Don’t Turn Sustainability into Compliance Exercise, Academic Warns Europe

Commission consults on plans to reduce short-termism by reforming corporate governance.

Plans by the European Commission (EC) to discourage short-termism by company directors through corporate governance reforms could backfire, turning sustainability into a compliance exercise, according to a leading academic.

The Commission’s DG Justice and Consumers last week launched a public consultation on possible changes to the EU regulatory framework aimed at enabling companies “to focus on long-term sustainable value creation rather than short-term benefits”. The consultation follows the July release of a study on directors’ duties and sustainable corporate governance, prepared by consultants EY, and builds on policy commitments made by the Commission in its 2018 Sustainable Finance Action Plan.

Alex Edmans, Professor of Finance and Academic Director of the Centre for Corporate Governance at the London Business School, warned that legislating sustainability might lead to “compliance rather than commitment” in a recent blog post on the University of Oxford Faculty of Law website.

“For example, companies may focus only on the quantitative sustainability measures included in executive pay contracts, rather than the very many qualitative dimensions of sustainability,” he said, arguing instead that any regulatory changes should encourage a long-term focus, rather discourage attention to shareholder value.

“A far more effective approach is to emphasise the business case for sustainability – that it is in a company’s own interest to take sustainability seriously, as doing so improves long-term company performance and thus shareholder value,” wrote Edmans.

The Commission’s consultation seeks feedback on a number of potential changes, including a broader definition and strengthened enforcement of the duties of directors, inclusion of non-financial performance targets in their remuneration structures and the introduction of mandatory supply chain due diligence requirements.

Although supportive of the Commission’s efforts to ensure “business works for wider society, not just short-term profit”, Edmans highlights various issues with its approach as well as the underlying assumptions of the EY report.

First, he notes that shareholder value is an inherently long-term concept. “The study frequently uses the phrase ‘short-term shareholder value’ and its variants.
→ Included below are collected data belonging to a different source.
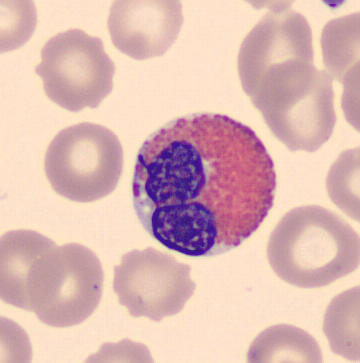 Q: What is shown here?
A: Eosinophil.
Peripheral blood film.
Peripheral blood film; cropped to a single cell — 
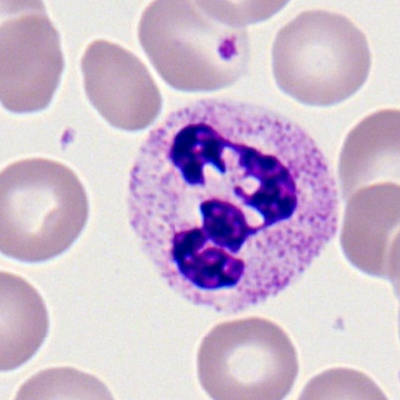 Specimen: peripheral blood film.
Morphological class: neutrophil (segmented).
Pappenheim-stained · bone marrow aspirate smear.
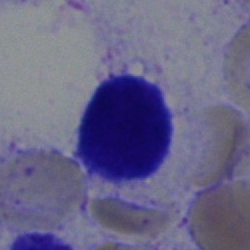
Specimen: bone marrow smear.
Cell: lymphocyte.
Lineage: lymphoid.
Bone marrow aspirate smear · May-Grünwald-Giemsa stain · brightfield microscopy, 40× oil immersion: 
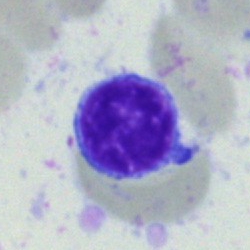 Lymphocyte.
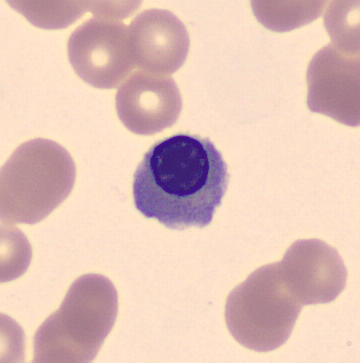{"cell_type": "normoblast", "lineage": "erythroid"}

Peripheral blood smear.
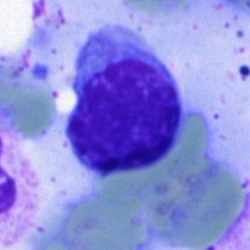 Classification = lymphocyte.
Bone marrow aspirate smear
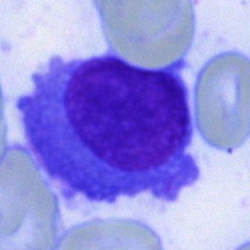 Showing a plasma cell.
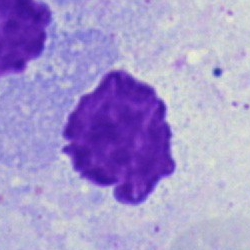 The classification is artefact.
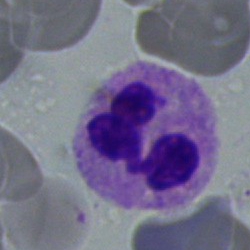Q: Which cell type is shown here?
A: A polymorphonuclear neutrophil.
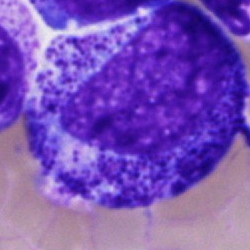Q: What cell is this?
A: A promyelocyte.
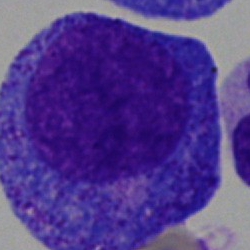

Classification = promyelocyte.
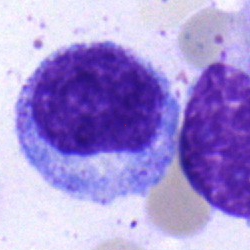

{"cell_type": "myelocyte", "lineage": "myeloid"}
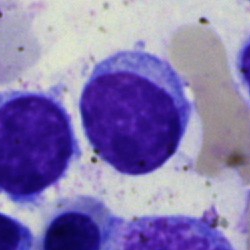

Q: Identify the cell.
A: Typical lymphocyte.
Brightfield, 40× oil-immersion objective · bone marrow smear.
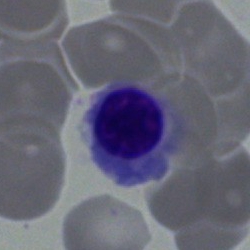
Impression → normoblast.
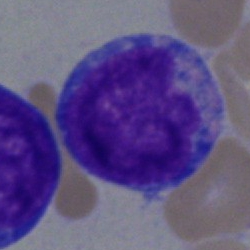
Bone marrow aspirate smear, single cell — blast.
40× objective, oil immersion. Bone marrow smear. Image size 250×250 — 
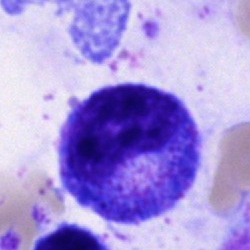
This is a promyelocyte.
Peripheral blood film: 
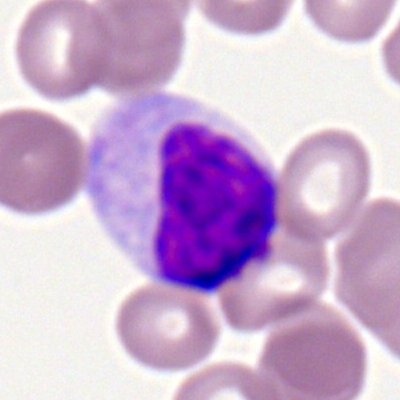 Showing a typical lymphocyte.
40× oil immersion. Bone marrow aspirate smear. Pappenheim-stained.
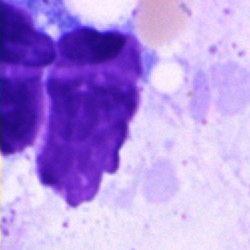

Cell = artefact.
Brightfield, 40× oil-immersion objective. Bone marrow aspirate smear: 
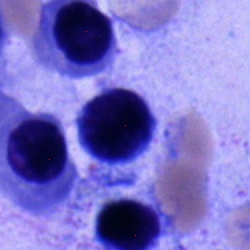 The cell is lymphocyte.
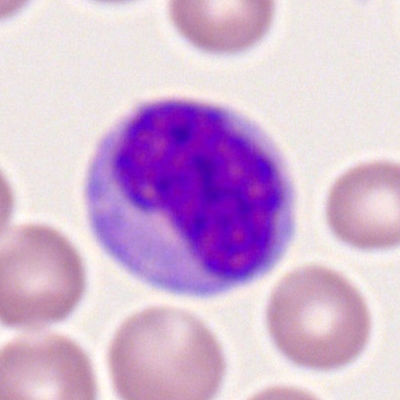 Classification: monocyte.
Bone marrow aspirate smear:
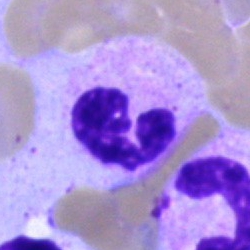 Q: What is the morphological classification of this cell?
A: This is a polymorphonuclear neutrophil.
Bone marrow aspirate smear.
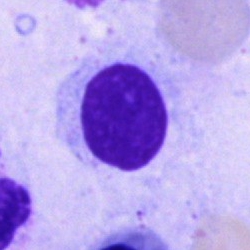Classification = artefact.
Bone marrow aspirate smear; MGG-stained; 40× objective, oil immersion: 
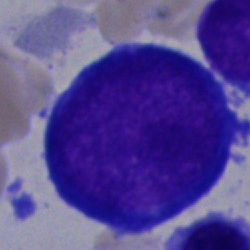{"cell_type": "pronormoblast"}
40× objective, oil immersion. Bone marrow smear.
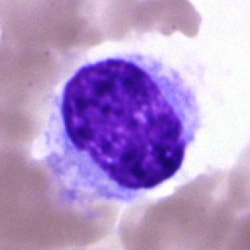{"cell_type": "hairy cell"}
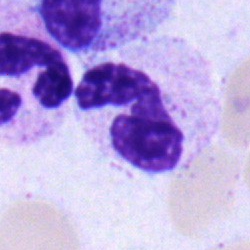 Impression → segmented neutrophil.
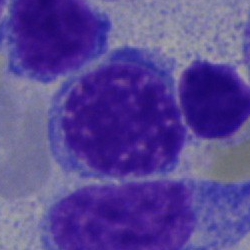 Cell of indeterminate lineage.
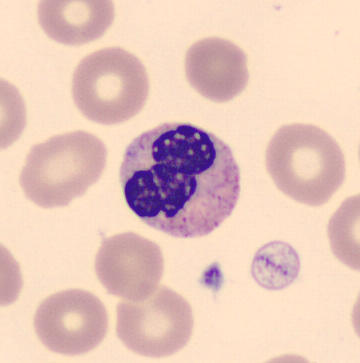
Impression → band neutrophil.

Acquisition: Peripheral blood smear; May Grünwald-Giemsa stain.
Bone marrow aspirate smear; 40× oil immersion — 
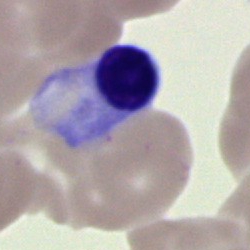
Showing an erythroblast.
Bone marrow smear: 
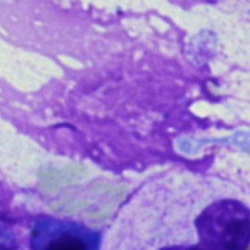

Classification — artifact.
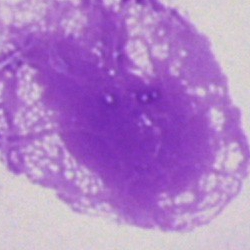
Morphology — artefact.
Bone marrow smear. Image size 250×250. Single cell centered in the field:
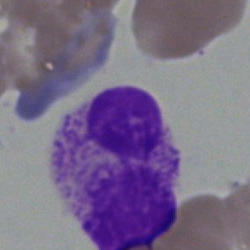
Cell: neutrophil (segmented).
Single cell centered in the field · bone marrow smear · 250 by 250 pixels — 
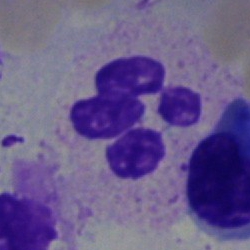

The cell shown is a segmented neutrophil.
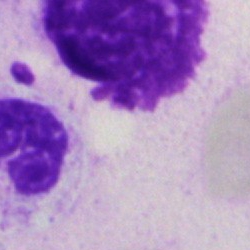
Cell type: artefact.
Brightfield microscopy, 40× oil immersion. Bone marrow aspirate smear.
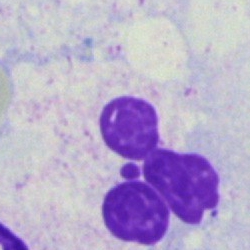Single cell identified as an artefact.
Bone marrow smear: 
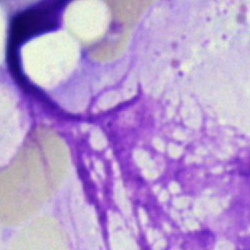

Morphology → artefact.
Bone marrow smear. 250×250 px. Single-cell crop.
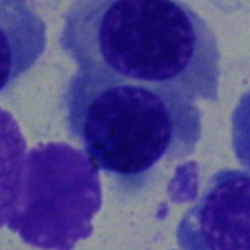

Cell type — erythroblast.
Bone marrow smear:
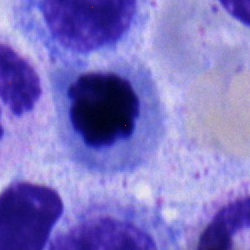
Specimen: bone marrow aspirate smear.
Morphological class: nucleated red cell.
Lineage: erythroid.

This makes no sense, because shareholder value is an inherently long-term concept – it includes all of the future cash flows of a company,” he writes. “A company that cuts value-creating investments in stakeholders is maximising short-term profit but harming shareholder value. Thus, the solution to short-termism is actually a greater focus on shareholder value, not less.”

Further, the study is said to imply that stakeholder and shareholder values are inversely proportional. However, Edmans believes the size of the pie created by economic activity is “not fixed”, and that a greater focus on long-term shareholder value, as opposed to short-term profit, leads also to an increase in stakeholder value. “In contrast, reducing the CEO’s accountability for shareholder value can lead to her pursuing her own interests, shrinking the pie for both shareholders and stakeholders,” he said.
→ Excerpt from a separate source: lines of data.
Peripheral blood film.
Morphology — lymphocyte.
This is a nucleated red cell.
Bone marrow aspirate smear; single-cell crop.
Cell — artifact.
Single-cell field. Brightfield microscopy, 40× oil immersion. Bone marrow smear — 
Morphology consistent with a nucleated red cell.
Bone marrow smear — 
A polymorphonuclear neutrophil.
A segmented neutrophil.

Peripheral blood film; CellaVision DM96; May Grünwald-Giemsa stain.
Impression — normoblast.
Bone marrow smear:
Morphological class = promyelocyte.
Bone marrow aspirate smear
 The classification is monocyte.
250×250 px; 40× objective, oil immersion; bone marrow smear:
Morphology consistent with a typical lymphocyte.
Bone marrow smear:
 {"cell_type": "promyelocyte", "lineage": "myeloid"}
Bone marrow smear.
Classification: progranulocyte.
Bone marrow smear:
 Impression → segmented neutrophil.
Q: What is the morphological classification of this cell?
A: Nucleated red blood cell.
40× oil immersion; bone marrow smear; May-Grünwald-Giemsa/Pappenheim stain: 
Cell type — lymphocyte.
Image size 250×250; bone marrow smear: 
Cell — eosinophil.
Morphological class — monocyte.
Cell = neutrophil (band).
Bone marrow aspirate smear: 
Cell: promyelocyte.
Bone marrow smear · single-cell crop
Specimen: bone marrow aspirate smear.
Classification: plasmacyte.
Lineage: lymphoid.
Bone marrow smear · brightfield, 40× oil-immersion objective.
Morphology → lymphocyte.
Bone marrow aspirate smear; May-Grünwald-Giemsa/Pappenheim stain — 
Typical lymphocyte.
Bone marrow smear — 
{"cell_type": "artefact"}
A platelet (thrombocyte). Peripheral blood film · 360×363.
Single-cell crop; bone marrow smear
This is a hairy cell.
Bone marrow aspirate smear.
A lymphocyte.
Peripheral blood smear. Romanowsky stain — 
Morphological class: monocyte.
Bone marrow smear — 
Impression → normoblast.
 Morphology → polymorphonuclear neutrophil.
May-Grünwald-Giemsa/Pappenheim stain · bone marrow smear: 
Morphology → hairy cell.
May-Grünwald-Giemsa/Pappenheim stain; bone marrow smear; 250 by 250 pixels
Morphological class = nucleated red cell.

The report recommends tying the remuneration of directors to sustainability and non-financial performance targets. But Edmans states that focusing on quantitative ESG metrics can often ignore qualitative aspects and must be used with caution. “While companies should set targets and report on progress, they should beware of focusing excessively on meeting goals else they may ‘hit the target, miss the point’,” he said.

Edmans also criticised the evidence presented in the EY report as “very one-sided” and “low-quality”, “At times, it reads as if the authors have already decided that companies and markets are short-termist, that short-termism is a cause of most of society’s major problems, and then have searched for all evidence – regardless of quality – to support this contention,” he wrote.

The consultation will close on 8 February 2021, with a formal proposal expected to be published in the second quarter of 2021.

While a number of policy options are on the table for the Commission, not necessarily legislative, comments from the European Commissioner for Justice earlier this year signal that mandatory due diligence could be implemented as a directive or regulation.

“The publication of this consultation marks an important step in the EU’s sustainability/ESG policy programme, demonstrating how wide its ambitions reach,” according to a research note published by law firm Allen & Overy.